I found one locking issue, which was fixed back in 2002 in dir/ buffer.c, but not in afs/afs_buffer.c. The fix for that is in gerrit as 737. However, I think I've convinced myself that the GLOCK serialises things sufficiently that this is purely a theoretical problem - I'd be surprised if you were seeing this in practice, and if you are, I think it would manifest itself in different ways.
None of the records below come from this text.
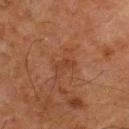| key | value |
|---|---|
| notes | total-body-photography surveillance lesion; no biopsy |
| automated lesion analysis | internal color variation of about 1 on a 0–10 scale and peripheral color asymmetry of about 0.5 |
| patient | male, aged 78 to 82 |
| tile lighting | cross-polarized illumination |
| lesion size | ~2.5 mm (longest diameter) |
| image | total-body-photography crop, ~15 mm field of view |
| body site | the left thigh |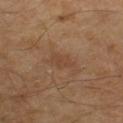The lesion was tiled from a total-body skin photograph and was not biopsied. The lesion-visualizer software estimated a border-irregularity rating of about 3/10, internal color variation of about 2 on a 0–10 scale, and a peripheral color-asymmetry measure near 0.5. About 3 mm across. This image is a 15 mm lesion crop taken from a total-body photograph. This is a cross-polarized tile. From the right lower leg. The patient is a male roughly 55 years of age.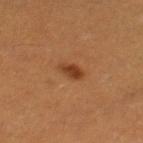<tbp_lesion>
<biopsy_status>not biopsied; imaged during a skin examination</biopsy_status>
<lesion_size>
  <long_diameter_mm_approx>3.0</long_diameter_mm_approx>
</lesion_size>
<image>
  <source>total-body photography crop</source>
  <field_of_view_mm>15</field_of_view_mm>
</image>
<site>leg</site>
<patient>
  <sex>female</sex>
  <age_approx>30</age_approx>
</patient>
</tbp_lesion>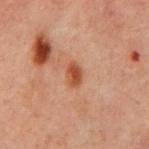workup = catalogued during a skin exam; not biopsied | location = the chest | TBP lesion metrics = a detector confidence of about 100 out of 100 that the crop contains a lesion | image source = 15 mm crop, total-body photography | lesion diameter = ≈2.5 mm | illumination = cross-polarized | subject = male, aged around 60.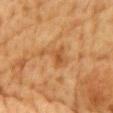{
  "biopsy_status": "not biopsied; imaged during a skin examination",
  "patient": {
    "sex": "male",
    "age_approx": "85+"
  },
  "site": "front of the torso",
  "lighting": "cross-polarized",
  "automated_metrics": {
    "border_irregularity_0_10": 7.5,
    "color_variation_0_10": 3.5,
    "peripheral_color_asymmetry": 1.0,
    "lesion_detection_confidence_0_100": 100
  },
  "lesion_size": {
    "long_diameter_mm_approx": 4.0
  },
  "image": {
    "source": "total-body photography crop",
    "field_of_view_mm": 15
  }
}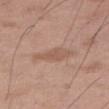Findings:
* workup: total-body-photography surveillance lesion; no biopsy
* lighting: white-light
* imaging modality: 15 mm crop, total-body photography
* body site: the right thigh
* size: ~5 mm (longest diameter)
* patient: male, about 50 years old
* TBP lesion metrics: an eccentricity of roughly 0.9 and a symmetry-axis asymmetry near 0.3; a mean CIELAB color near L≈56 a*≈19 b*≈28, a lesion–skin lightness drop of about 7, and a normalized border contrast of about 5.5; a nevus-likeness score of about 0/100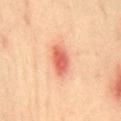A close-up tile cropped from a whole-body skin photograph, about 15 mm across. About 4 mm across. Imaged with cross-polarized lighting. A female patient aged 38–42. Automated tile analysis of the lesion measured two-axis asymmetry of about 0.2. And it measured a lesion color around L≈65 a*≈33 b*≈35 in CIELAB, roughly 14 lightness units darker than nearby skin, and a lesion-to-skin contrast of about 8.5 (normalized; higher = more distinct). And it measured a classifier nevus-likeness of about 90/100 and a lesion-detection confidence of about 100/100. Located on the mid back.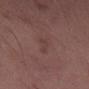Notes:
– biopsy status: catalogued during a skin exam; not biopsied
– acquisition: ~15 mm crop, total-body skin-cancer survey
– automated metrics: a lesion area of about 2.5 mm², a shape eccentricity near 0.95, and a symmetry-axis asymmetry near 0.55; an average lesion color of about L≈39 a*≈19 b*≈21 (CIELAB) and a normalized border contrast of about 4.5; a classifier nevus-likeness of about 0/100 and a detector confidence of about 80 out of 100 that the crop contains a lesion
– site: the left thigh
– lesion size: about 3.5 mm
– subject: male, aged approximately 50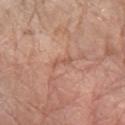{"biopsy_status": "not biopsied; imaged during a skin examination", "image": {"source": "total-body photography crop", "field_of_view_mm": 15}, "site": "left forearm", "automated_metrics": {"vs_skin_darker_L": 7.0, "vs_skin_contrast_norm": 5.0, "border_irregularity_0_10": 5.5, "nevus_likeness_0_100": 0, "lesion_detection_confidence_0_100": 90}, "patient": {"sex": "female", "age_approx": 75}, "lighting": "white-light"}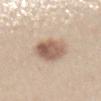Q: Is there a histopathology result?
A: no biopsy performed (imaged during a skin exam)
Q: Patient demographics?
A: female, aged approximately 45
Q: Illumination type?
A: white-light illumination
Q: What is the imaging modality?
A: total-body-photography crop, ~15 mm field of view
Q: What is the anatomic site?
A: the abdomen
Q: How large is the lesion?
A: about 5.5 mm

The second issue that I found was with the way that newslot picks the oldest buffer to replace. There is an int32 counter, which is incremented each time a buffer is accessed, and the current value stored within that buffer as its 'accesstime'. If a buffer has a stored accesstime of 0x7ffffff, then newslot will never evict that buffer. I can't, however, see a practical way in which you can get 50 buffers into this position, though. The fix for this is gerrit #738 ( http://gerrit.openafs.org/738 ) It might be worth giving this a whirl, and seeing if it helps.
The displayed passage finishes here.